Records from a data collection:
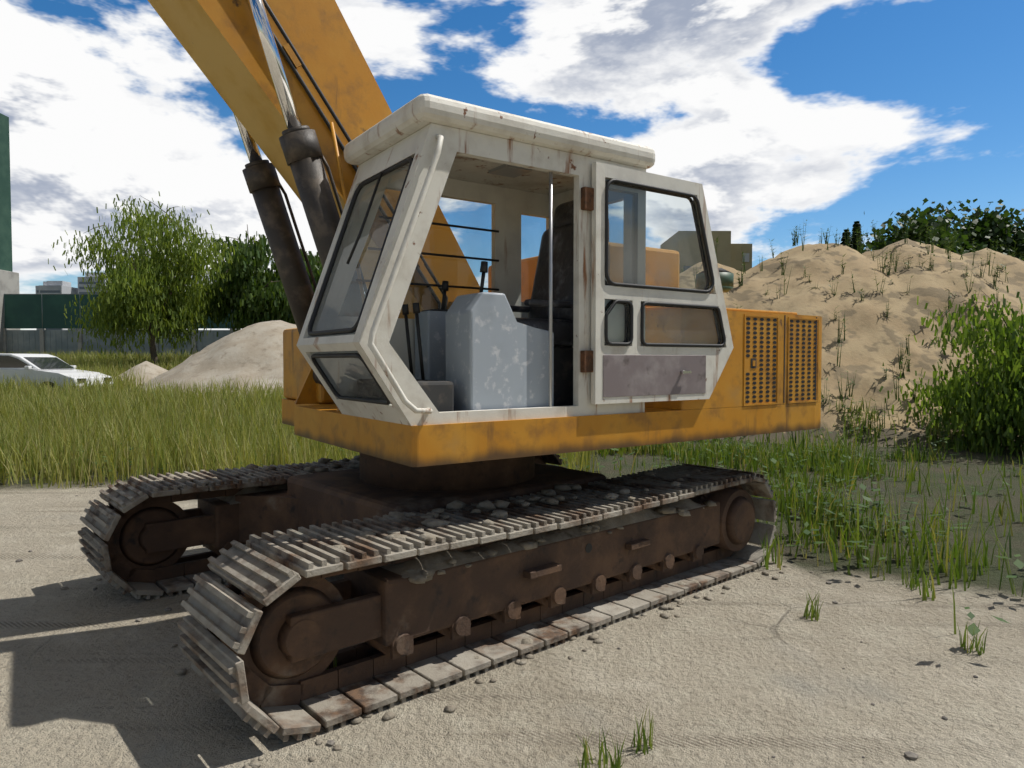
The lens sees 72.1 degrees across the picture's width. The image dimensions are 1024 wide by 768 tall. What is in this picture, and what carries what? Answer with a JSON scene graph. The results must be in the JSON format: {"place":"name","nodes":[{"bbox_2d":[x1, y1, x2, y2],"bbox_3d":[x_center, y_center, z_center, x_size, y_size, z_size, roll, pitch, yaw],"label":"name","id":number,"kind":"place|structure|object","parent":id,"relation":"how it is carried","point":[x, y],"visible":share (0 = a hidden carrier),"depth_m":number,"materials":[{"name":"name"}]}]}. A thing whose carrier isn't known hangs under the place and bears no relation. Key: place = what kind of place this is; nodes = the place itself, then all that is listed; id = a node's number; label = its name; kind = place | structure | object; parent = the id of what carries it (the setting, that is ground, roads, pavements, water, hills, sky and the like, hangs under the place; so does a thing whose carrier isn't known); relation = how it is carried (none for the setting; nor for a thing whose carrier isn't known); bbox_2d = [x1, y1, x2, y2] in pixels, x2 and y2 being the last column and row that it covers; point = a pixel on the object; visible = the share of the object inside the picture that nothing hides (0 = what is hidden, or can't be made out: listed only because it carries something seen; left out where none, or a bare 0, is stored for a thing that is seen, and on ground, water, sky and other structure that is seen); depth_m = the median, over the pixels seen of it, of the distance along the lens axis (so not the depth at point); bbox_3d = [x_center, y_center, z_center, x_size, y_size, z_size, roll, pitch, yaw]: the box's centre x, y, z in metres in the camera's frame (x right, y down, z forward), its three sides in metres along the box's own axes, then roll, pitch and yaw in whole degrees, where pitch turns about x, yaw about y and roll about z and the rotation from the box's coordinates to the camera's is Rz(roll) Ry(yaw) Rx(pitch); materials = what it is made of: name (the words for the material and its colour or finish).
{"place":"outdoors","nodes":[
{"label":"outdoors","id":0,"kind":"place"},
{"bbox_2d":[0,113,12,271],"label":"building","id":1,"kind":"structure","parent":0,"point":[5,231],"depth_m":47.10,"materials":[{"name":"metal"}]},
{"bbox_2d":[0,347,685,488],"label":"grass field","id":2,"kind":"structure","parent":0,"point":[80,418],"depth_m":11.20,"materials":[{"name":"green plant"}]},
{"bbox_2d":[0,407,1023,767],"bbox_3d":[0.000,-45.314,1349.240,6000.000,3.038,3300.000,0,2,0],"label":"ground","id":3,"kind":"structure","parent":0,"point":[748,671],"depth_m":3.63,"materials":[{"name":"beige sand"}]},
{"bbox_2d":[0,270,19,352],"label":"building","id":4,"kind":"structure","parent":3,"relation":"on","point":[9,282],"depth_m":45.90,"materials":[{"name":"white concrete"}]},
{"bbox_2d":[0,353,113,390],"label":"parked car","id":5,"kind":"object","parent":3,"relation":"on","point":[42,366],"visible":0.52,"depth_m":21.18,"materials":[{"name":"white paint"}]},
{"bbox_2d":[35,273,127,329],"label":"distant buildings","id":6,"kind":"structure","parent":3,"relation":"on","point":[55,287],"depth_m":407.37,"materials":[{"name":"grey concrete"}]},
{"bbox_2d":[48,191,254,365],"bbox_3d":[-15.422,-4.283,30.810,7.120,8.541,7.212,1,2,35],"label":"willow tree","id":7,"kind":"object","parent":3,"relation":"on","point":[155,301],"visible":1,"depth_m":29.90,"materials":[{"name":"green plant"}]},
{"bbox_2d":[3,294,365,356],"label":"site fence","id":8,"kind":"object","parent":3,"relation":"on","point":[42,313],"visible":0.1,"depth_m":45.89,"materials":[{"name":"metal"}]},
{"bbox_2d":[116,320,296,397],"bbox_3d":[-8.000,-0.710,24.990,20.000,3.039,12.000,0,2,0],"label":"sand pile","id":9,"kind":"object","parent":3,"relation":"on","point":[254,351],"visible":0.2,"depth_m":21.69,"materials":[{"name":"beige sand"}]},
{"bbox_2d":[193,224,316,338],"bbox_3d":[-12.543,-4.058,34.421,6.616,6.958,6.389,-2,2,-38],"label":"tree","id":10,"kind":"object","parent":3,"relation":"on","point":[252,293],"visible":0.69,"depth_m":33.04,"materials":[{"name":"green plant"}]},
{"bbox_2d":[270,246,364,323],"bbox_3d":[-9.890,-4.167,36.300,5.233,6.909,7.179,0,2,0],"label":"tree","id":11,"kind":"object","parent":3,"relation":"on","point":[317,269],"visible":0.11,"depth_m":33.99,"materials":[{"name":"green plant"}]},
{"bbox_2d":[1,393,642,478],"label":"broadleaf weeds","id":12,"kind":"object","parent":3,"relation":"on","point":[95,463],"visible":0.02,"depth_m":9.95,"materials":[{"name":"green plant"}]},
{"bbox_2d":[77,0,821,741],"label":"excavator","id":13,"kind":"object","parent":3,"relation":"on","point":[451,522],"visible":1,"depth_m":4.32,"materials":[{"name":"metal"}]},
{"bbox_2d":[0,495,977,767],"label":"stones","id":14,"kind":"object","parent":3,"relation":"on","point":[910,755],"visible":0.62,"depth_m":3.66,"materials":[{"name":"grey stone"}]},
{"bbox_2d":[326,564,987,767],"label":"grass tufts","id":15,"kind":"object","parent":3,"relation":"on","point":[618,759],"visible":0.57,"depth_m":2.98,"materials":[{"name":"green plant"}]},
{"bbox_2d":[597,393,1023,633],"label":"grass","id":16,"kind":"structure","parent":3,"relation":"on","point":[811,462],"depth_m":7.47,"materials":[{"name":"green plant"}]},
{"bbox_2d":[610,399,1023,635],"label":"broadleaf weeds","id":17,"kind":"object","parent":3,"relation":"on","point":[1018,563],"visible":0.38,"depth_m":6.81,"materials":[{"name":"green plant"}]},
{"bbox_2d":[840,229,852,247],"bbox_3d":[17.007,-5.213,35.794,2.066,5.273,2.113,0,2,0],"label":"conifer","id":18,"kind":"object","parent":3,"relation":"on","point":[844,240],"visible":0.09,"depth_m":35.67,"materials":[{"name":"green plant"}]},
{"bbox_2d":[679,238,1023,448],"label":"sand pile","id":19,"kind":"object","parent":3,"relation":"on","point":[870,346],"visible":0.24,"depth_m":17.35,"materials":[{"name":"beige sand"}]},
{"bbox_2d":[681,210,1023,443],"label":"weeds","id":20,"kind":"object","parent":19,"relation":"on","point":[947,250],"visible":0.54,"depth_m":18.78,"materials":[{"name":"green plant"}]},
{"bbox_2d":[851,221,864,251],"bbox_3d":[18.002,-5.553,36.866,2.194,5.880,2.023,1,2,36],"label":"conifer","id":21,"kind":"object","parent":3,"relation":"on","point":[857,224],"visible":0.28,"depth_m":36.62,"materials":[{"name":"green plant"}]},
{"bbox_2d":[854,203,1023,260],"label":"dark tree","id":22,"kind":"object","parent":3,"relation":"on","point":[917,226],"visible":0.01,"depth_m":30.86,"materials":[{"name":"green plant"}]},
{"bbox_2d":[879,285,1023,457],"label":"shrub","id":23,"kind":"object","parent":3,"relation":"on","point":[973,396],"visible":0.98,"depth_m":12.31,"materials":[{"name":"green plant"}]},
{"bbox_2d":[907,198,1023,259],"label":"dark tree","id":24,"kind":"object","parent":3,"relation":"on","point":[992,224],"visible":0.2,"depth_m":33.31,"materials":[{"name":"green plant"}]},
{"bbox_2d":[0,0,1023,329],"label":"sky","id":25,"kind":"structure","parent":0,"point":[827,114],"materials":[{"name":"blue"}]},
{"bbox_2d":[660,231,751,273],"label":"beige building","id":26,"kind":"structure","parent":0,"point":[685,244],"depth_m":64.65,"materials":[{"name":"beige concrete"}]}
]}

## Task statement
Apart from the pictures, repeat every entry exactly.

## The answer
The lens sees 72.1 degrees across the picture's width. The image dimensions are 1024 wide by 768 tall. What is in this picture, and what carries what? Answer with a JSON scene graph. The results must be in the JSON format: {"place":"name","nodes":[{"bbox_2d":[x1, y1, x2, y2],"bbox_3d":[x_center, y_center, z_center, x_size, y_size, z_size, roll, pitch, yaw],"label":"name","id":number,"kind":"place|structure|object","parent":id,"relation":"how it is carried","point":[x, y],"visible":share (0 = a hidden carrier),"depth_m":number,"materials":[{"name":"name"}]}]}. A thing whose carrier isn't known hangs under the place and bears no relation. Key: place = what kind of place this is; nodes = the place itself, then all that is listed; id = a node's number; label = its name; kind = place | structure | object; parent = the id of what carries it (the setting, that is ground, roads, pavements, water, hills, sky and the like, hangs under the place; so does a thing whose carrier isn't known); relation = how it is carried (none for the setting; nor for a thing whose carrier isn't known); bbox_2d = [x1, y1, x2, y2] in pixels, x2 and y2 being the last column and row that it covers; point = a pixel on the object; visible = the share of the object inside the picture that nothing hides (0 = what is hidden, or can't be made out: listed only because it carries something seen; left out where none, or a bare 0, is stored for a thing that is seen, and on ground, water, sky and other structure that is seen); depth_m = the median, over the pixels seen of it, of the distance along the lens axis (so not the depth at point); bbox_3d = [x_center, y_center, z_center, x_size, y_size, z_size, roll, pitch, yaw]: the box's centre x, y, z in metres in the camera's frame (x right, y down, z forward), its three sides in metres along the box's own axes, then roll, pitch and yaw in whole degrees, where pitch turns about x, yaw about y and roll about z and the rotation from the box's coordinates to the camera's is Rz(roll) Ry(yaw) Rx(pitch); materials = what it is made of: name (the words for the material and its colour or finish).
{"place":"outdoors","nodes":[
{"label":"outdoors","id":0,"kind":"place"},
{"bbox_2d":[0,113,12,271],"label":"building","id":1,"kind":"structure","parent":0,"point":[5,231],"depth_m":47.10,"materials":[{"name":"metal"}]},
{"bbox_2d":[0,347,685,488],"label":"grass field","id":2,"kind":"structure","parent":0,"point":[80,418],"depth_m":11.20,"materials":[{"name":"green plant"}]},
{"bbox_2d":[0,407,1023,767],"bbox_3d":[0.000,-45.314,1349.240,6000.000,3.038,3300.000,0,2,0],"label":"ground","id":3,"kind":"structure","parent":0,"point":[748,671],"depth_m":3.63,"materials":[{"name":"beige sand"}]},
{"bbox_2d":[0,270,19,352],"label":"building","id":4,"kind":"structure","parent":3,"relation":"on","point":[9,282],"depth_m":45.90,"materials":[{"name":"white concrete"}]},
{"bbox_2d":[0,353,113,390],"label":"parked car","id":5,"kind":"object","parent":3,"relation":"on","point":[42,366],"visible":0.52,"depth_m":21.18,"materials":[{"name":"white paint"}]},
{"bbox_2d":[35,273,127,329],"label":"distant buildings","id":6,"kind":"structure","parent":3,"relation":"on","point":[55,287],"depth_m":407.37,"materials":[{"name":"grey concrete"}]},
{"bbox_2d":[48,191,254,365],"bbox_3d":[-15.422,-4.283,30.810,7.120,8.541,7.212,1,2,35],"label":"willow tree","id":7,"kind":"object","parent":3,"relation":"on","point":[155,301],"visible":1,"depth_m":29.90,"materials":[{"name":"green plant"}]},
{"bbox_2d":[3,294,365,356],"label":"site fence","id":8,"kind":"object","parent":3,"relation":"on","point":[42,313],"visible":0.1,"depth_m":45.89,"materials":[{"name":"metal"}]},
{"bbox_2d":[116,320,296,397],"bbox_3d":[-8.000,-0.710,24.990,20.000,3.039,12.000,0,2,0],"label":"sand pile","id":9,"kind":"object","parent":3,"relation":"on","point":[254,351],"visible":0.2,"depth_m":21.69,"materials":[{"name":"beige sand"}]},
{"bbox_2d":[193,224,316,338],"bbox_3d":[-12.543,-4.058,34.421,6.616,6.958,6.389,-2,2,-38],"label":"tree","id":10,"kind":"object","parent":3,"relation":"on","point":[252,293],"visible":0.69,"depth_m":33.04,"materials":[{"name":"green plant"}]},
{"bbox_2d":[270,246,364,323],"bbox_3d":[-9.890,-4.167,36.300,5.233,6.909,7.179,0,2,0],"label":"tree","id":11,"kind":"object","parent":3,"relation":"on","point":[317,269],"visible":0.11,"depth_m":33.99,"materials":[{"name":"green plant"}]},
{"bbox_2d":[1,393,642,478],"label":"broadleaf weeds","id":12,"kind":"object","parent":3,"relation":"on","point":[95,463],"visible":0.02,"depth_m":9.95,"materials":[{"name":"green plant"}]},
{"bbox_2d":[77,0,821,741],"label":"excavator","id":13,"kind":"object","parent":3,"relation":"on","point":[451,522],"visible":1,"depth_m":4.32,"materials":[{"name":"metal"}]},
{"bbox_2d":[0,495,977,767],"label":"stones","id":14,"kind":"object","parent":3,"relation":"on","point":[910,755],"visible":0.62,"depth_m":3.66,"materials":[{"name":"grey stone"}]},
{"bbox_2d":[326,564,987,767],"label":"grass tufts","id":15,"kind":"object","parent":3,"relation":"on","point":[618,759],"visible":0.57,"depth_m":2.98,"materials":[{"name":"green plant"}]},
{"bbox_2d":[597,393,1023,633],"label":"grass","id":16,"kind":"structure","parent":3,"relation":"on","point":[811,462],"depth_m":7.47,"materials":[{"name":"green plant"}]},
{"bbox_2d":[610,399,1023,635],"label":"broadleaf weeds","id":17,"kind":"object","parent":3,"relation":"on","point":[1018,563],"visible":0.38,"depth_m":6.81,"materials":[{"name":"green plant"}]},
{"bbox_2d":[840,229,852,247],"bbox_3d":[17.007,-5.213,35.794,2.066,5.273,2.113,0,2,0],"label":"conifer","id":18,"kind":"object","parent":3,"relation":"on","point":[844,240],"visible":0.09,"depth_m":35.67,"materials":[{"name":"green plant"}]},
{"bbox_2d":[679,238,1023,448],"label":"sand pile","id":19,"kind":"object","parent":3,"relation":"on","point":[870,346],"visible":0.24,"depth_m":17.35,"materials":[{"name":"beige sand"}]},
{"bbox_2d":[681,210,1023,443],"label":"weeds","id":20,"kind":"object","parent":19,"relation":"on","point":[947,250],"visible":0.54,"depth_m":18.78,"materials":[{"name":"green plant"}]},
{"bbox_2d":[851,221,864,251],"bbox_3d":[18.002,-5.553,36.866,2.194,5.880,2.023,1,2,36],"label":"conifer","id":21,"kind":"object","parent":3,"relation":"on","point":[857,224],"visible":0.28,"depth_m":36.62,"materials":[{"name":"green plant"}]},
{"bbox_2d":[854,203,1023,260],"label":"dark tree","id":22,"kind":"object","parent":3,"relation":"on","point":[917,226],"visible":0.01,"depth_m":30.86,"materials":[{"name":"green plant"}]},
{"bbox_2d":[879,285,1023,457],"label":"shrub","id":23,"kind":"object","parent":3,"relation":"on","point":[973,396],"visible":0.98,"depth_m":12.31,"materials":[{"name":"green plant"}]},
{"bbox_2d":[907,198,1023,259],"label":"dark tree","id":24,"kind":"object","parent":3,"relation":"on","point":[992,224],"visible":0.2,"depth_m":33.31,"materials":[{"name":"green plant"}]},
{"bbox_2d":[0,0,1023,329],"label":"sky","id":25,"kind":"structure","parent":0,"point":[827,114],"materials":[{"name":"blue"}]},
{"bbox_2d":[660,231,751,273],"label":"beige building","id":26,"kind":"structure","parent":0,"point":[685,244],"depth_m":64.65,"materials":[{"name":"beige concrete"}]}
]}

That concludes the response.